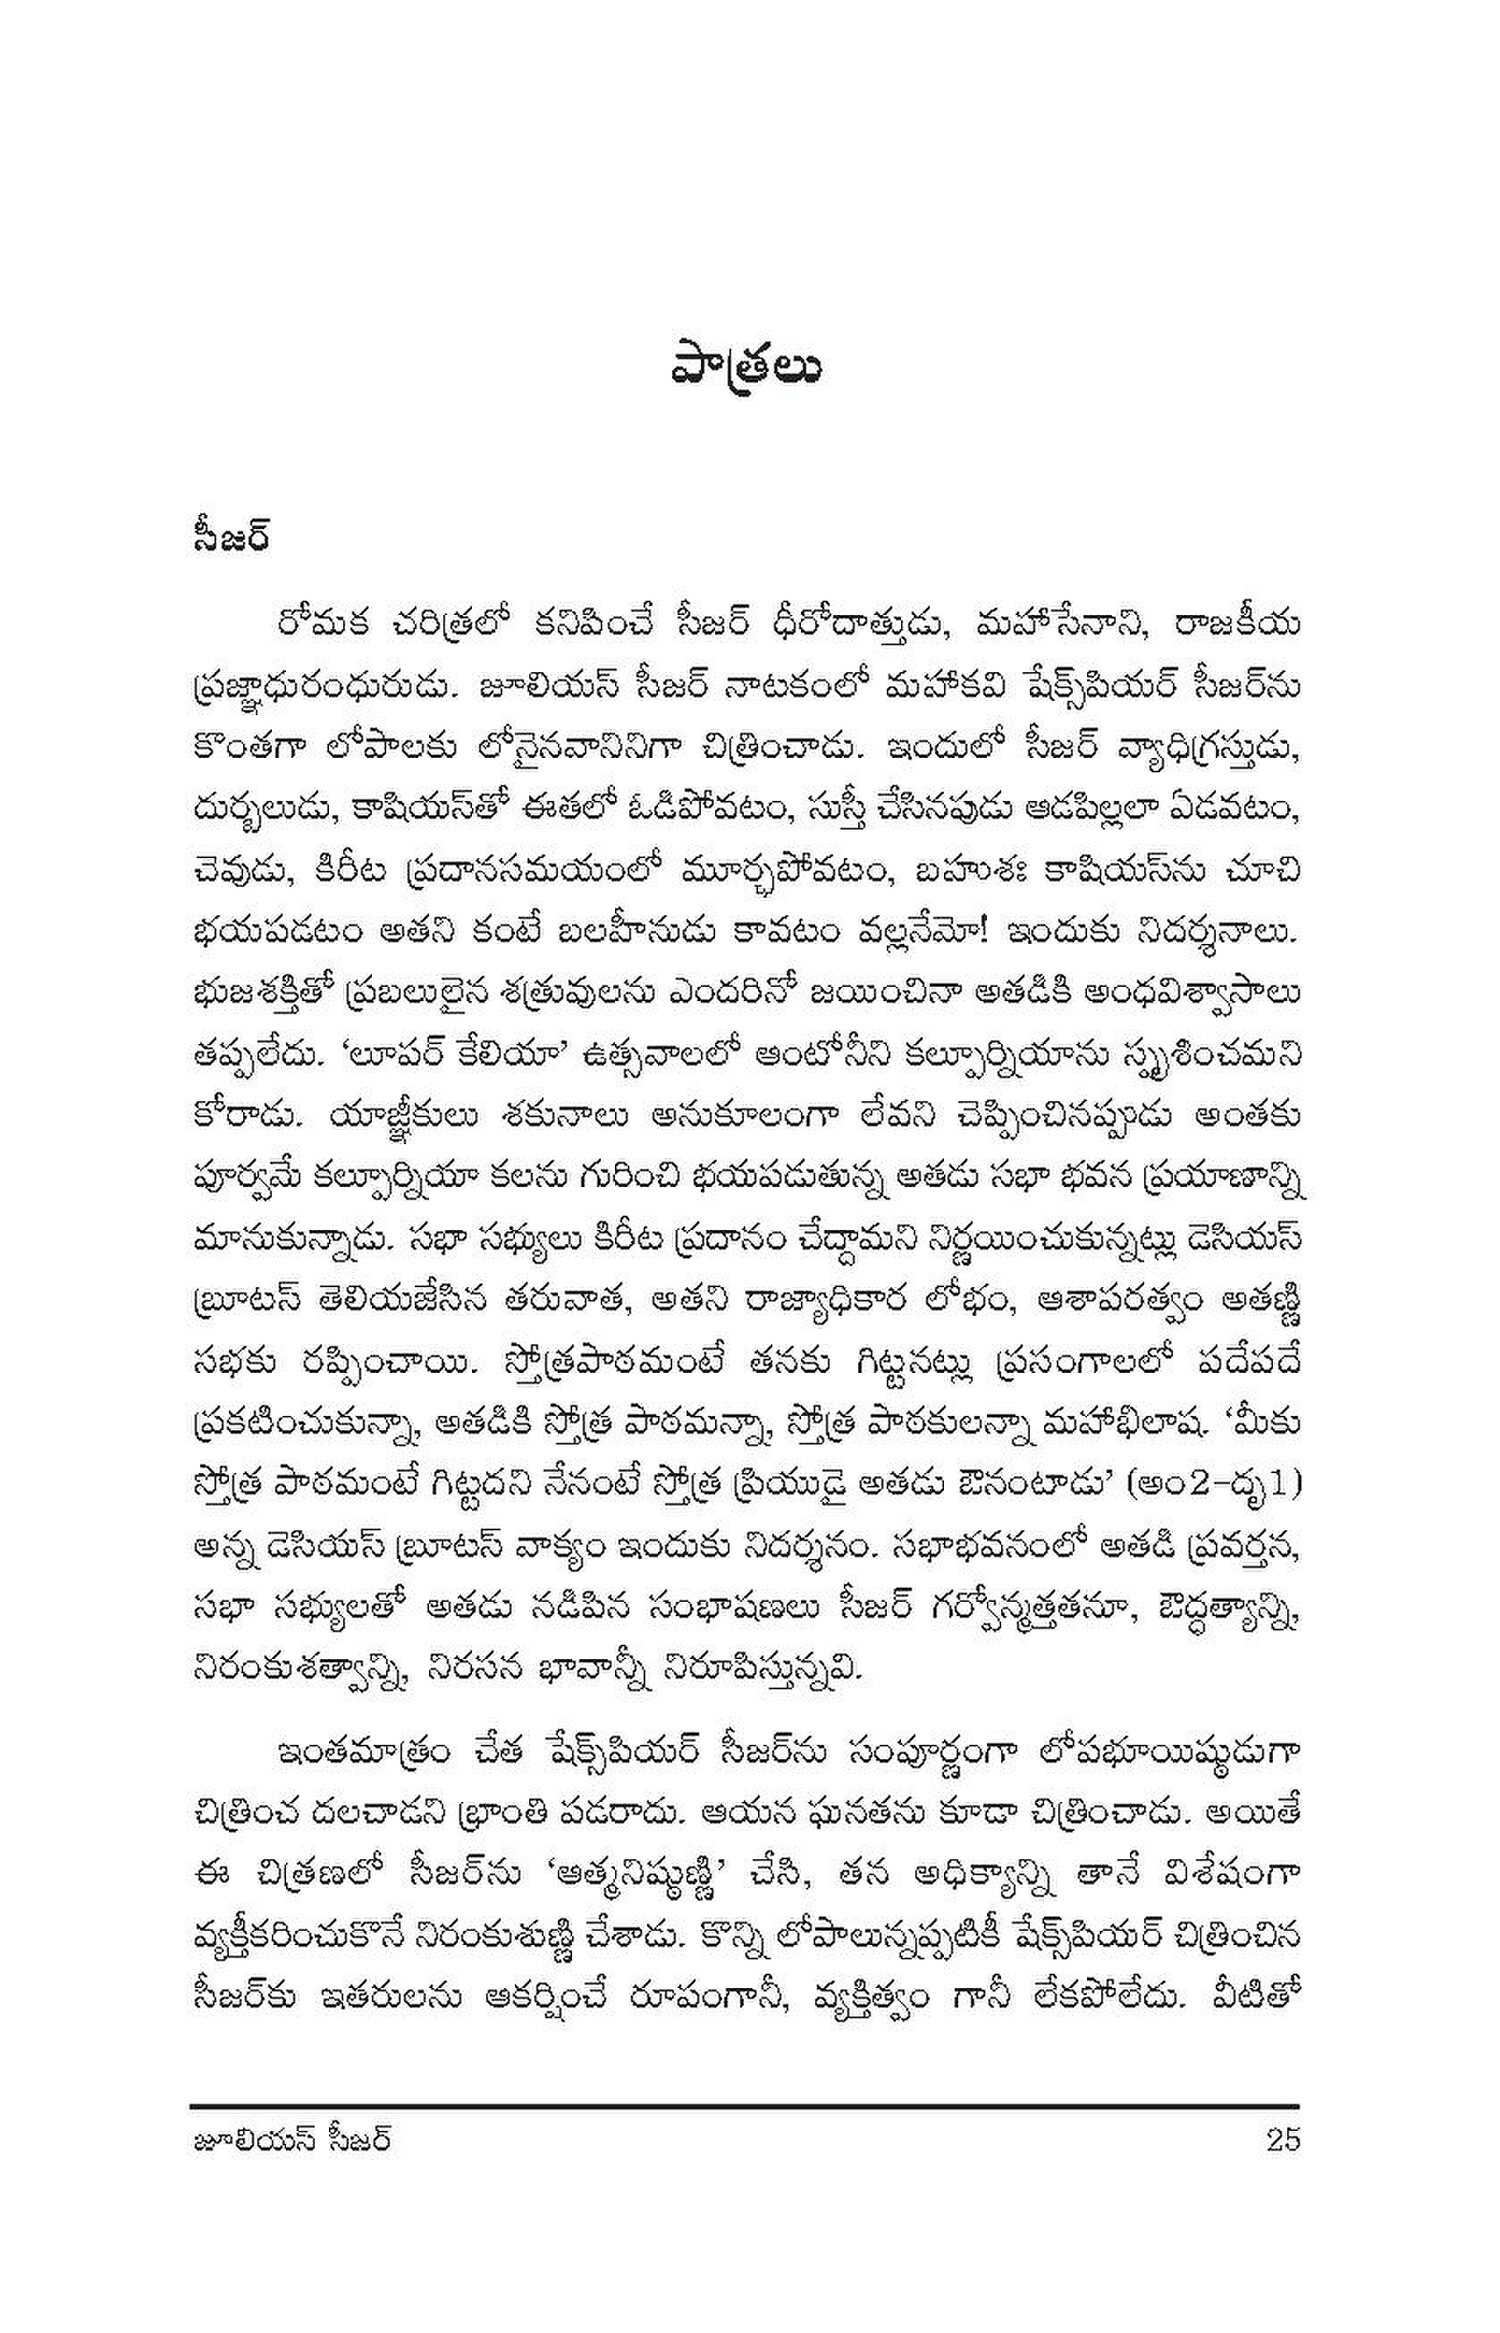రోమక చరిత్రలో కనిపించే సీజర్ ధీరోదాత్తుడు, మహాసేనాని, రాజకీయ ప్రజ్ఞాధురంధురుడు. జూలియస్ సీజర్ నాటకంలో మహాకవి షేక్స్పియర్ సీజర్ను కొంతగా లోపాలకు లోనైనవానినిగా చిత్రించాడు. ఇందులో సీజర్ వ్యాధిగ్రస్తుడు,
దుర్బలుడు, కాషియస్తో ఈతలో ఓడిపోవటం, సుస్తీ చేసినపుడు ఆడపిల్లలా ఏడవటం, చెవుడు, కిరీట ప్రదానసమయంలో మూర్ఛపోవటం, బహుశః కాషియస్ ను చూచి భయపడటం అతని కంటే బలహీనుడు కావటం వల్లనేమో! ఇందుకు నిదర్శనాలు. భుజశక్తితో ప్రబలులైన శత్రువులను ఎందరినో జయించినా అతడికి అంధవిశ్వాసాలు తప్పలేదు. 'లూపర్ కేలియా' ఉత్సవాలలో అంటోనీని కల్పూర్నియాను స్పృశించమని కోరాడు. యాజ్జీకులు శకునాలు అనుకూలంగా లేవని చెప్పించినప్పుడు అంతకు పూర్వమే కల్పూర్నియా కలను గురించి భయపడుతున్న అతడు సభా భవన ప్రయాణాన్ని
మానుకున్నాడు. సభా సభ్యులు కిరీట ప్రదానం చేద్దామని నిర్ణయించుకున్నట్లు డెసియస్ బ్రూటస్ తెలియజేసిన తరువాత, అతని రాజ్యాధికార లోభం, ఆశాపరత్వం అతణ్ణి సభకు రప్పించాయి. స్తోత్రపాఠమంటే తనకు గిట్టనట్లు ప్రసంగాలలో పదేపదే ప్రకటించుకున్నా, అతడికి స్తోత్ర పాఠమన్నా, స్తోత్ర పాఠకులన్నా మహాభిలాష. 'మీకు స్తోత్ర పాఠమంటే గిట్టదని నేనంటే స్తోత్ర ప్రియుడై అతడు ఔనంటాడు' (అం2 -దృ1) అన్న డెసియస్ బ్రూటస్ వాక్యం ఇందుకు నిదర్శనం. సభాభవనంలో అతడి ప్రవర్తన, సభా సభ్యులతో అతడు నడిపిన సంభాషణలు సీజర్ గర్వోన్మత్తతనూ, ఔద్ధత్యాన్ని,
నిరంకుశత్వాన్ని, నిరసన భావాన్నీ నిరూపిస్తున్నవి.

ఇంతమాత్రం చేత షేక్స్పియర్ సీజర్ను సంపూర్ణంగా లోపభూయిష్ఠుడుగా చిత్రించ దలచాడని భ్రాంతి పడరాదు. ఆయన ఘనతను కూడా చిత్రించాడు. అయితే ఈ చిత్రణలో సీజర్ను 'ఆత్మనిష్ఠుణ్ణి' చేసి, తన అధిక్యాన్ని తానే విశేషంగా
వ్యక్తీకరించుకొనే నిరంకుశుణ్ణి చేశాడు. కొన్ని లోపాలున్నప్పటికీ షేక్స్పియర్ చిత్రించిన సీజర్కు ఇతరులను ఆకర్షించే రూపంగానీ, వ్యక్తిత్వం గానీ లేకపోలేదు. వీటితో

• • • •

Write out the lines above exactly, but only from the one containing "నిరంకుశత్వాన్ని, నిరసన భావాన్నీ" through the last one.

Reply to the exercise:
నిరంకుశత్వాన్ని, నిరసన భావాన్నీ నిరూపిస్తున్నవి.

ఇంతమాత్రం చేత షేక్స్పియర్ సీజర్ను సంపూర్ణంగా లోపభూయిష్ఠుడుగా చిత్రించ దలచాడని భ్రాంతి పడరాదు. ఆయన ఘనతను కూడా చిత్రించాడు. అయితే ఈ చిత్రణలో సీజర్ను 'ఆత్మనిష్ఠుణ్ణి' చేసి, తన అధిక్యాన్ని తానే విశేషంగా
వ్యక్తీకరించుకొనే నిరంకుశుణ్ణి చేశాడు. కొన్ని లోపాలున్నప్పటికీ షేక్స్పియర్ చిత్రించిన సీజర్కు ఇతరులను ఆకర్షించే రూపంగానీ, వ్యక్తిత్వం గానీ లేకపోలేదు. వీటితో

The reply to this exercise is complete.